- _INPUT FOR THIS TASK_:

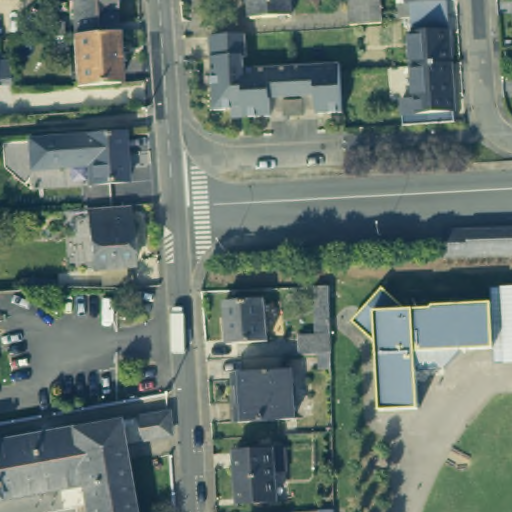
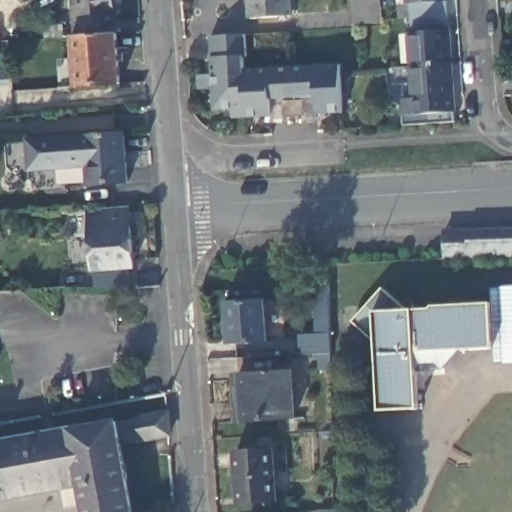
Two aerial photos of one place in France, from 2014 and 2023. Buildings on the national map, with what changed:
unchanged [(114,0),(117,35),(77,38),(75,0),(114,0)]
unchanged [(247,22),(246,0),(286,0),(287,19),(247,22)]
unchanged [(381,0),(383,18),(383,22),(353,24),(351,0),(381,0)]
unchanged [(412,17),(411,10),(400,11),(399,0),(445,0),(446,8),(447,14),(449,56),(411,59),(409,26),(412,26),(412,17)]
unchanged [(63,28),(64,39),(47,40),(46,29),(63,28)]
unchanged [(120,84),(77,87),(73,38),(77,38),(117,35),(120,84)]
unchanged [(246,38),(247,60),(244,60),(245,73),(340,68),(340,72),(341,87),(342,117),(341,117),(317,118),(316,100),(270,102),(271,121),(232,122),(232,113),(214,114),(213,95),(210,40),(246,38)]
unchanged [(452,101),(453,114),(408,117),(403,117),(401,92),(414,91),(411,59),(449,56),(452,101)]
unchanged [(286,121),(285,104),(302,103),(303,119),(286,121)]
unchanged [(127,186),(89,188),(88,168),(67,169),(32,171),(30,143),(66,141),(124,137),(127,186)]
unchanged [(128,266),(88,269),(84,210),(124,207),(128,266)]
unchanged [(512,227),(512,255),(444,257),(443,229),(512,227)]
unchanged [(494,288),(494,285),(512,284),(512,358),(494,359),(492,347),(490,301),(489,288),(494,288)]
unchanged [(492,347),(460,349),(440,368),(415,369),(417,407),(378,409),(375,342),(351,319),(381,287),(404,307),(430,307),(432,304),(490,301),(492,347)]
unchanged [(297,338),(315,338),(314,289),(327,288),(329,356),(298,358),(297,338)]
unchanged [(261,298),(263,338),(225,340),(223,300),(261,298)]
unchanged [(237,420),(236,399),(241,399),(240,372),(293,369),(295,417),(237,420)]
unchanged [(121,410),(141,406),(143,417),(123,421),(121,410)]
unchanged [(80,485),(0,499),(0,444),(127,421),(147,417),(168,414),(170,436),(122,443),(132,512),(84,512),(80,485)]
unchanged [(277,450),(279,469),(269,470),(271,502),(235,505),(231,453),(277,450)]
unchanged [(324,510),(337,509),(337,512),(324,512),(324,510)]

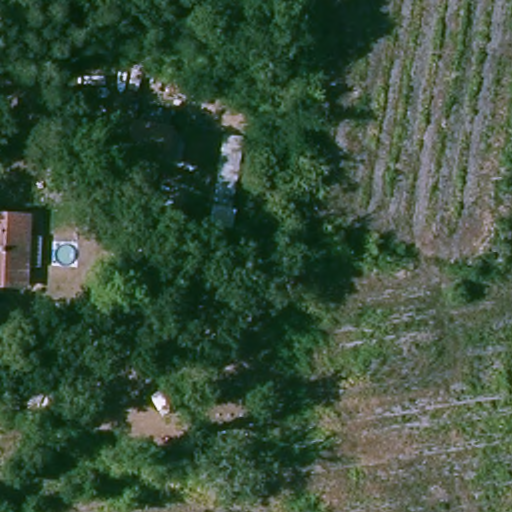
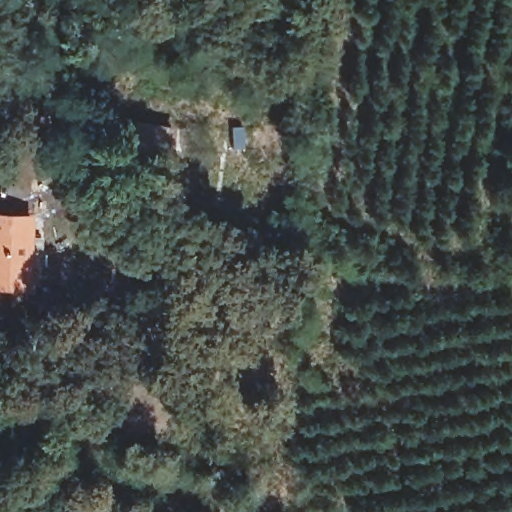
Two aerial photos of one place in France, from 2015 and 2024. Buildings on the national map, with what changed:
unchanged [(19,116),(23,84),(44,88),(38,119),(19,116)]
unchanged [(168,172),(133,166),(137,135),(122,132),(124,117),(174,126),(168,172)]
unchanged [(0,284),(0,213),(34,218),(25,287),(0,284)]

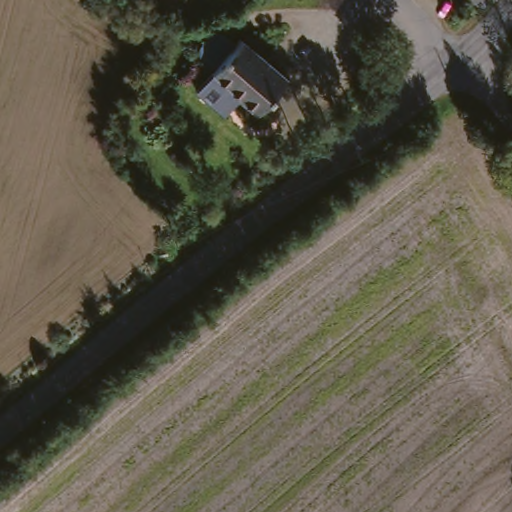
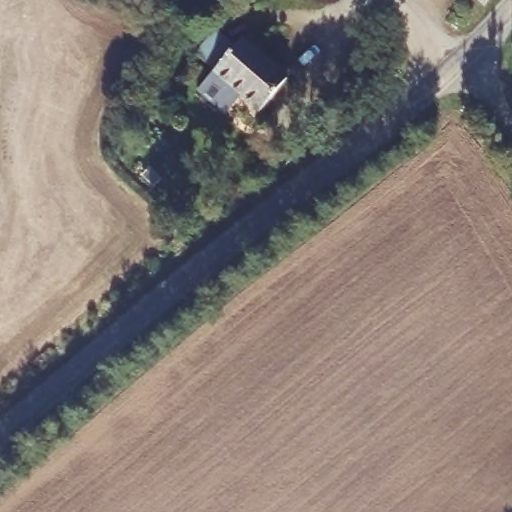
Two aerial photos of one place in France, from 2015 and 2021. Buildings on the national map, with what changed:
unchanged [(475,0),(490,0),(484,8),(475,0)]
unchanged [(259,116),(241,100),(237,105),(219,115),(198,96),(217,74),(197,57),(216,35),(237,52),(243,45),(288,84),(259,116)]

- _ACTION ITEM_: Your answer must be the line containing "2015 and 2021." and every line after it through the end of the records above, reproduced exactly and alone.

- _PROBLEM SOLUTION_:
Two aerial photos of one place in France, from 2015 and 2021. Buildings on the national map, with what changed:
unchanged [(475,0),(490,0),(484,8),(475,0)]
unchanged [(259,116),(241,100),(237,105),(219,115),(198,96),(217,74),(197,57),(216,35),(237,52),(243,45),(288,84),(259,116)]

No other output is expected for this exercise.